Question
The physics of electric field between two charges.
What is the magnitude and direction of the electric field at a point midway between a
-8.0 ìC charge and a +6.0 ìC charge? The -8.0 ìC charge is 4.0 cm to the left of the +6.0 ìC charge.
If a charge of -2.0 ìC was placed at the midway point, what force (magnitude and direction) would act on the charge?
What is the magnitude and direction of the electric field at a point midway between a
-8.0 ìC charge and a +6.0 ìC charge? The -8.0 ìC charge is 4.0 cm to the left of the +6.0 ìC charge.
If a charge of -2.0 ìC was placed at the midway point, what force (magnitude and direction) would act on the charge?
Answers
First we find the electric field produced by each charge at the midway point.
The electric field produced by a point charge at a distance r from the charge is given by the formula:
E = k*Q/r^2
where E is the electric field, k is Coulomb's constant (8.99 * 10^9 N*m^2/C^2), Q is the charge, and r is the distance from the charge.
1. Electric field produced by the -8.0 μC charge:
E1 = k*Q1/r^2
E1 = (8.99 * 10^9 N*m^2/C^2) * (-8.0 * 10^(-6) C) / (0.02 m)^2
E1 = (-1.4376 * 10^5 N/C) to the right
2. Electric field produced by the +6.0 μC charge:
E2 = k*Q2/r^2
E2 = (8.99 * 10^9 N*m^2/C^2) * (6.0 * 10^(-6) C) / (0.02 m)^2
E2 = (1.0782 * 10^5 N/C) to the left
Now we find the net electric field at the midway point by adding the two electric fields:
Net electric field (E_net) = E1 + E2
E_net = -1.4376 * 10^5 N/C to the right + 1.0782 * 10^5 N/C to the left
E_net = (-1.4376 + 1.0782) * 10^5 N/C
E_net = -0.3594 * 10^5 N/C
So the magnitude of the electric field at the midway point is 0.3594 * 10^5 N/C, and its direction is to the left.
Now we find the force acting on the -2.0 μC charge placed at the midway point. The force on a charge in an electric field is given by the formula:
F = q*E
where F is the force, q is the charge, and E is the electric field.

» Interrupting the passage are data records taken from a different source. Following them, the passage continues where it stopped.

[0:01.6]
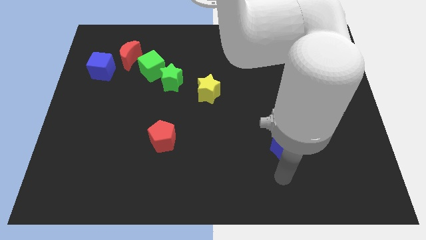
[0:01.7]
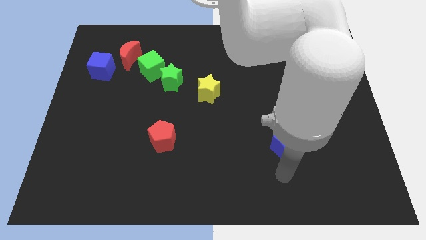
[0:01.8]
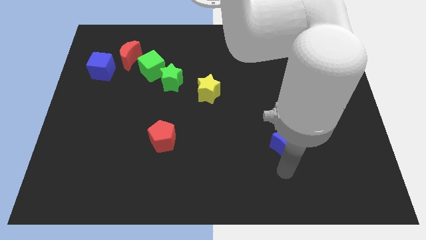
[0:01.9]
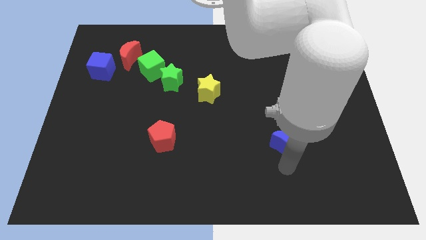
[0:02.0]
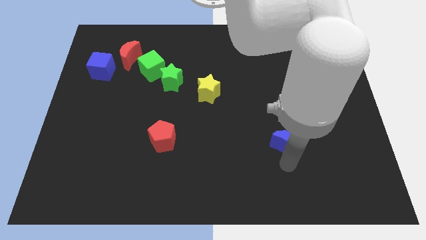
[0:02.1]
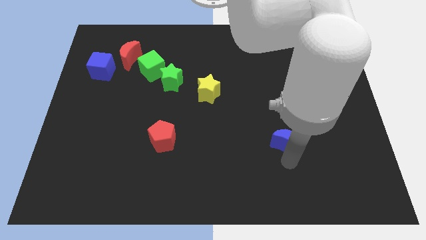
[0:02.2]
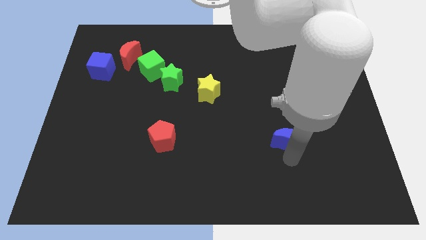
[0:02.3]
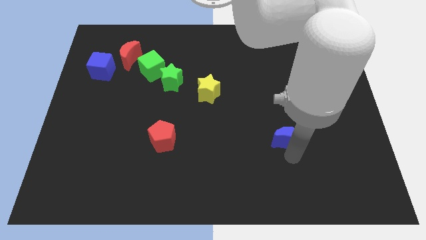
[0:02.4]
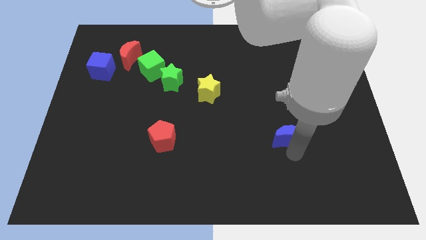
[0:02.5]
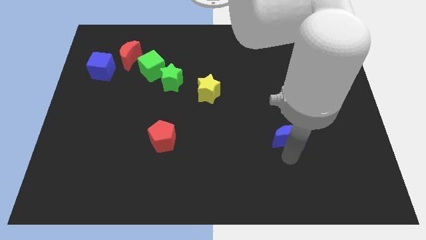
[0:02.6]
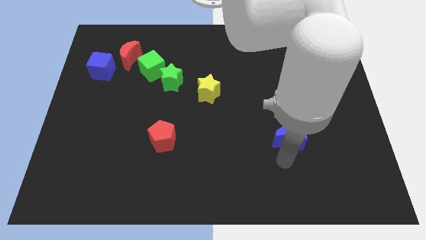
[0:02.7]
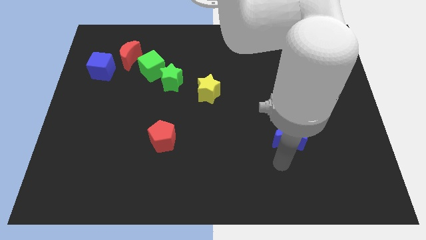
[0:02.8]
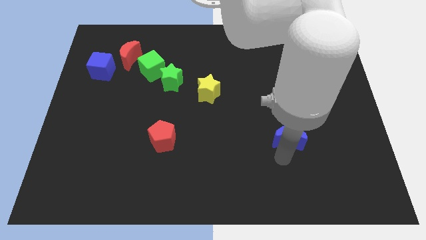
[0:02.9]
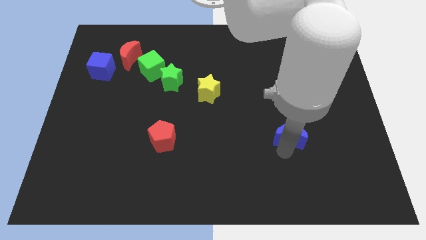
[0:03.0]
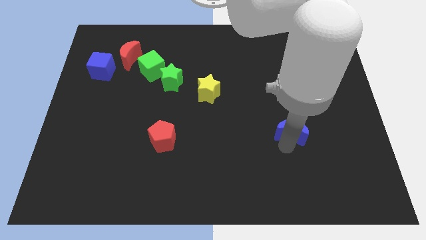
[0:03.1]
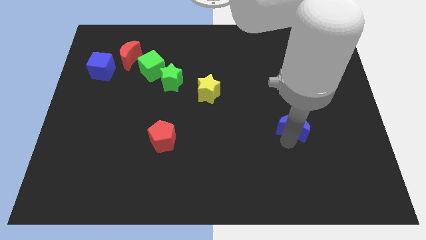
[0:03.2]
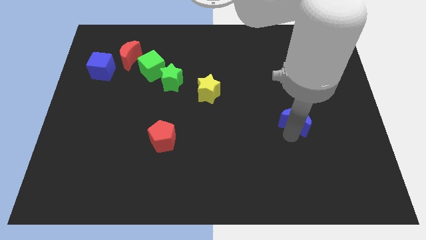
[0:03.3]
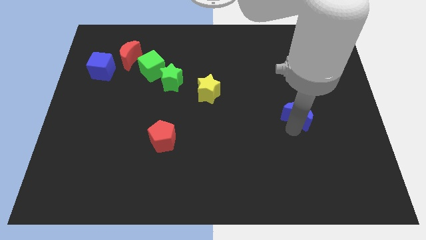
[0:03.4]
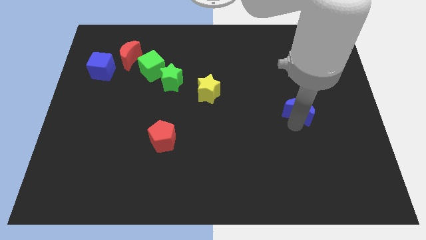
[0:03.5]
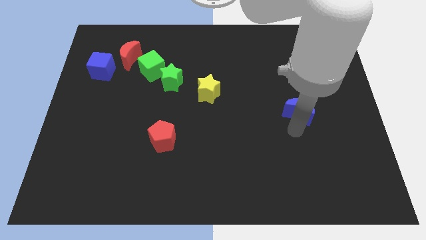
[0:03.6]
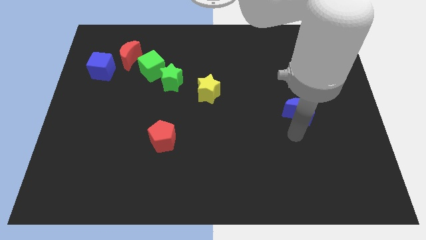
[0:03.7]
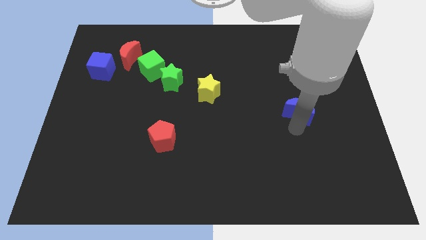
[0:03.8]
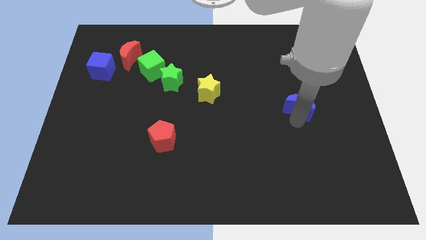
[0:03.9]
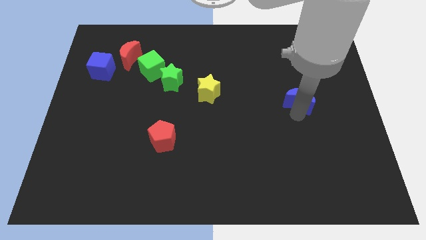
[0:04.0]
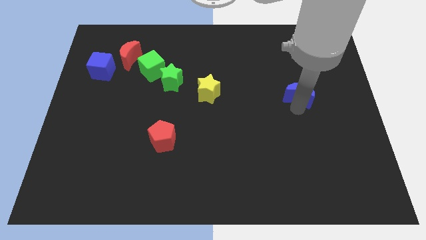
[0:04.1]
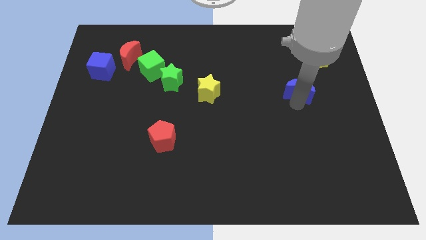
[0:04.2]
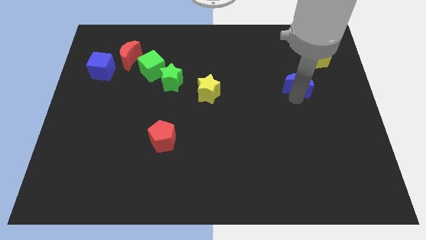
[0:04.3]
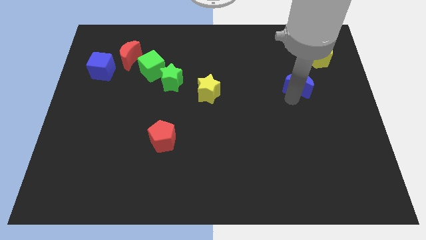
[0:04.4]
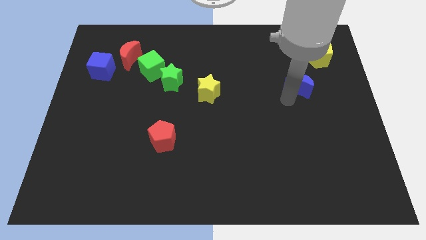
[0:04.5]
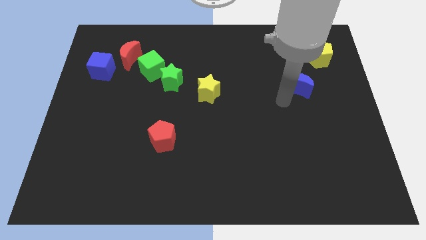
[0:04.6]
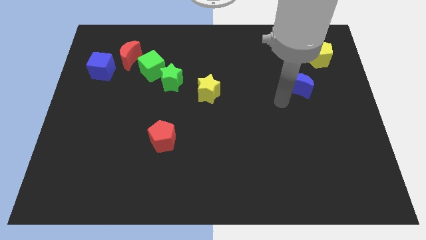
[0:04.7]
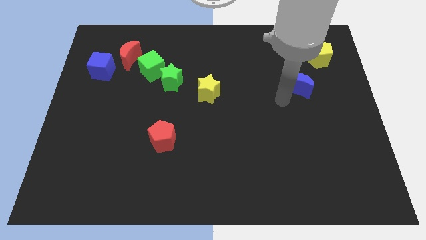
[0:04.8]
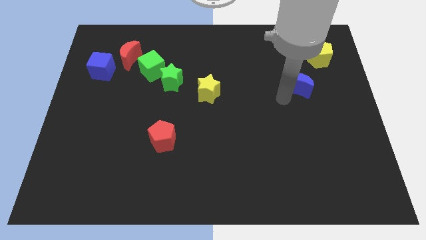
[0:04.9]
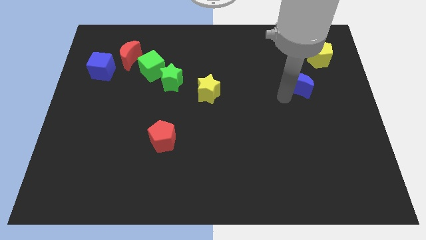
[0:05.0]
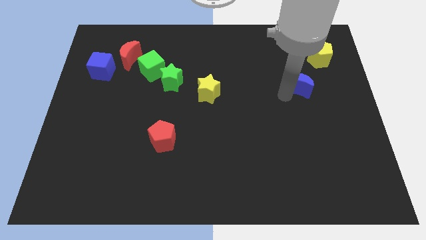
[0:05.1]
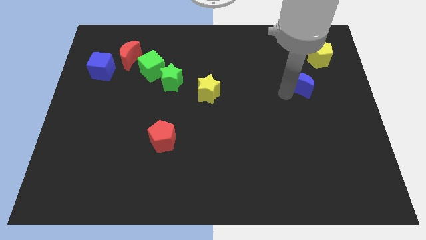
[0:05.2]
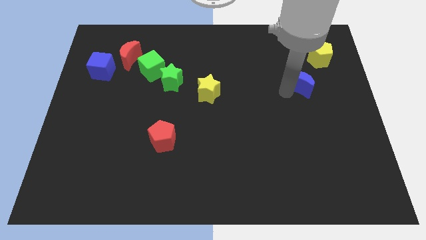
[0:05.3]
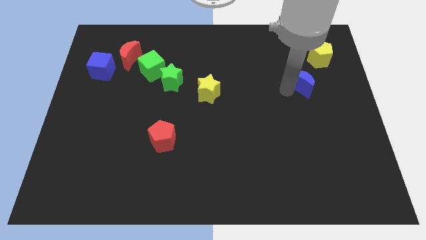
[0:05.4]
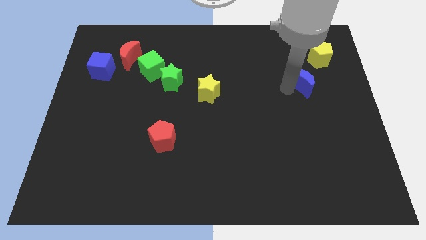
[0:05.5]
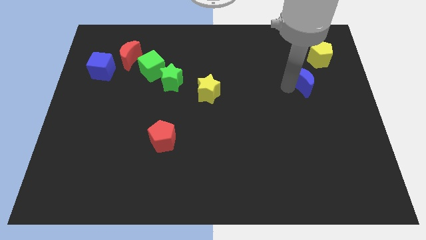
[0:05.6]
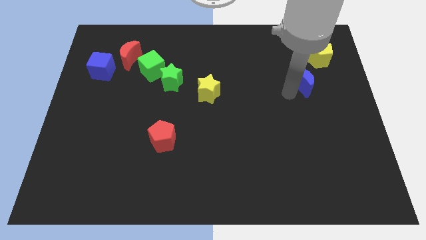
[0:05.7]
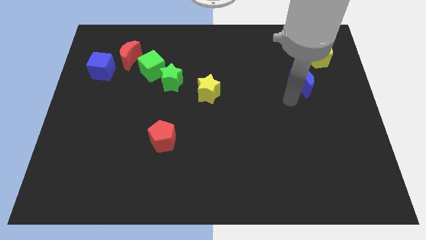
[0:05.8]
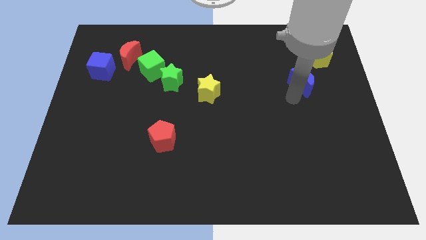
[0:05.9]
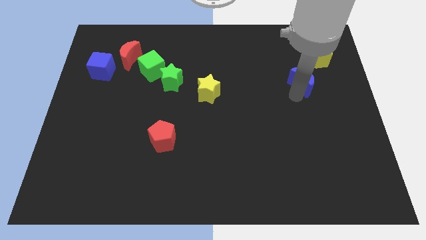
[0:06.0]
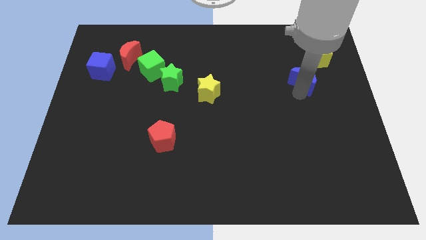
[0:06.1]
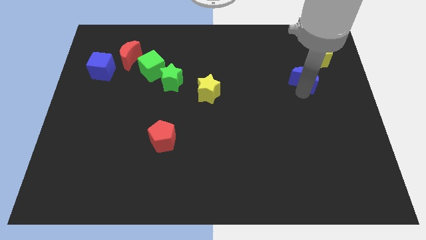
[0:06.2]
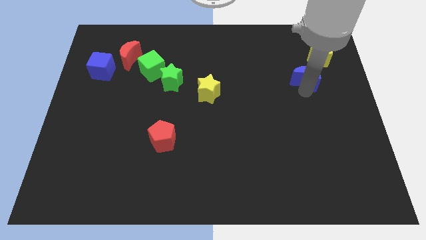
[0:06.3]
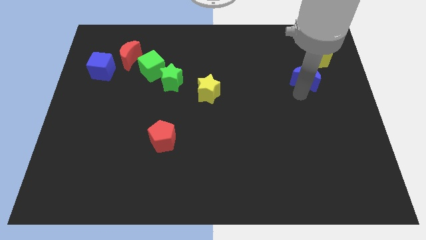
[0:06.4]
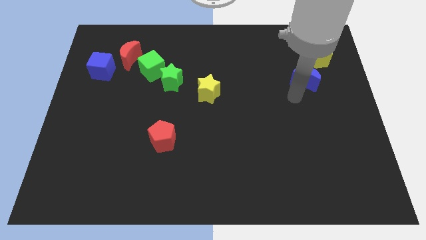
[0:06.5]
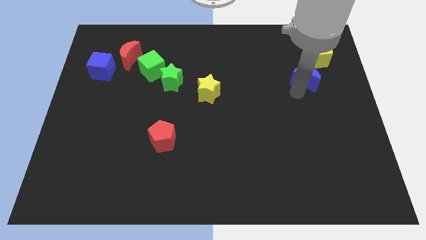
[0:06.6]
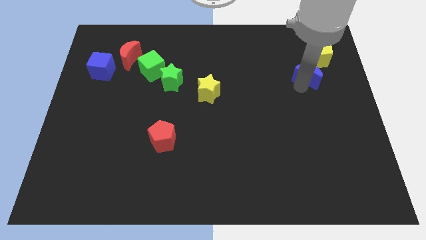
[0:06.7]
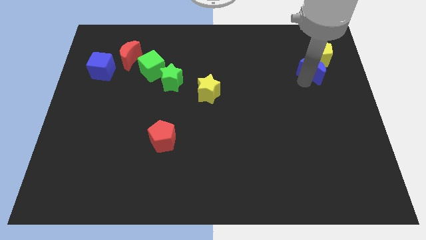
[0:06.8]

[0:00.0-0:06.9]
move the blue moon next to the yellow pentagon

Force on -2.0 μC charge (F) = q*E_net
F = (-2.0 * 10^(-6) C) * (-0.3594 * 10^5 N/C)
F = (0.7188 N) to the right
Therefore, the force acting on the -2.0 μC charge placed at the midway point has a magnitude of 0.7188 N and its direction is to the right.
The electric field produced by a point charge at a distance r from the charge is given by the formula:
E = k*Q/r^2
where E is the electric field, k is Coulomb's constant (8.99 * 10^9 N*m^2/C^2), Q is the charge, and r is the distance from the charge.
1. Electric field produced by the -8.0 μC charge:
E1 = k*Q1/r^2
E1 = (8.99 * 10^9 N*m^2/C^2) * (-8.0 * 10^(-6) C) / (0.02 m)^2
E1 = (-1.4376 * 10^5 N/C) to the right
2. Electric field produced by the +6.0 μC charge:
E2 = k*Q2/r^2
E2 = (8.99 * 10^9 N*m^2/C^2) * (6.0 * 10^(-6) C) / (0.02 m)^2
E2 = (1.0782 * 10^5 N/C) to the left
Now we find the net electric field at the midway point by adding the two electric fields:
Net electric field (E_net) = E1 + E2
E_net = -1.4376 * 10^5 N/C to the right + 1.0782 * 10^5 N/C to the left
E_net = (-1.4376 + 1.0782) * 10^5 N/C
E_net = -0.3594 * 10^5 N/C
So the magnitude of the electric field at the midway point is 0.3594 * 10^5 N/C, and its direction is to the left.
Now we find the force acting on the -2.0 μC charge placed at the midway point. The force on a charge in an electric field is given by the formula:
F = q*E
where F is the force, q is the charge, and E is the electric field.
Force on -2.0 μC charge (F) = q*E_net
F = (-2.0 * 10^(-6) C) * (-0.3594 * 10^5 N/C)
F = (0.7188 N) to the right
Therefore, the force acting on the -2.0 μC charge placed at the midway point has a magnitude of 0.7188 N and its direction is to the right.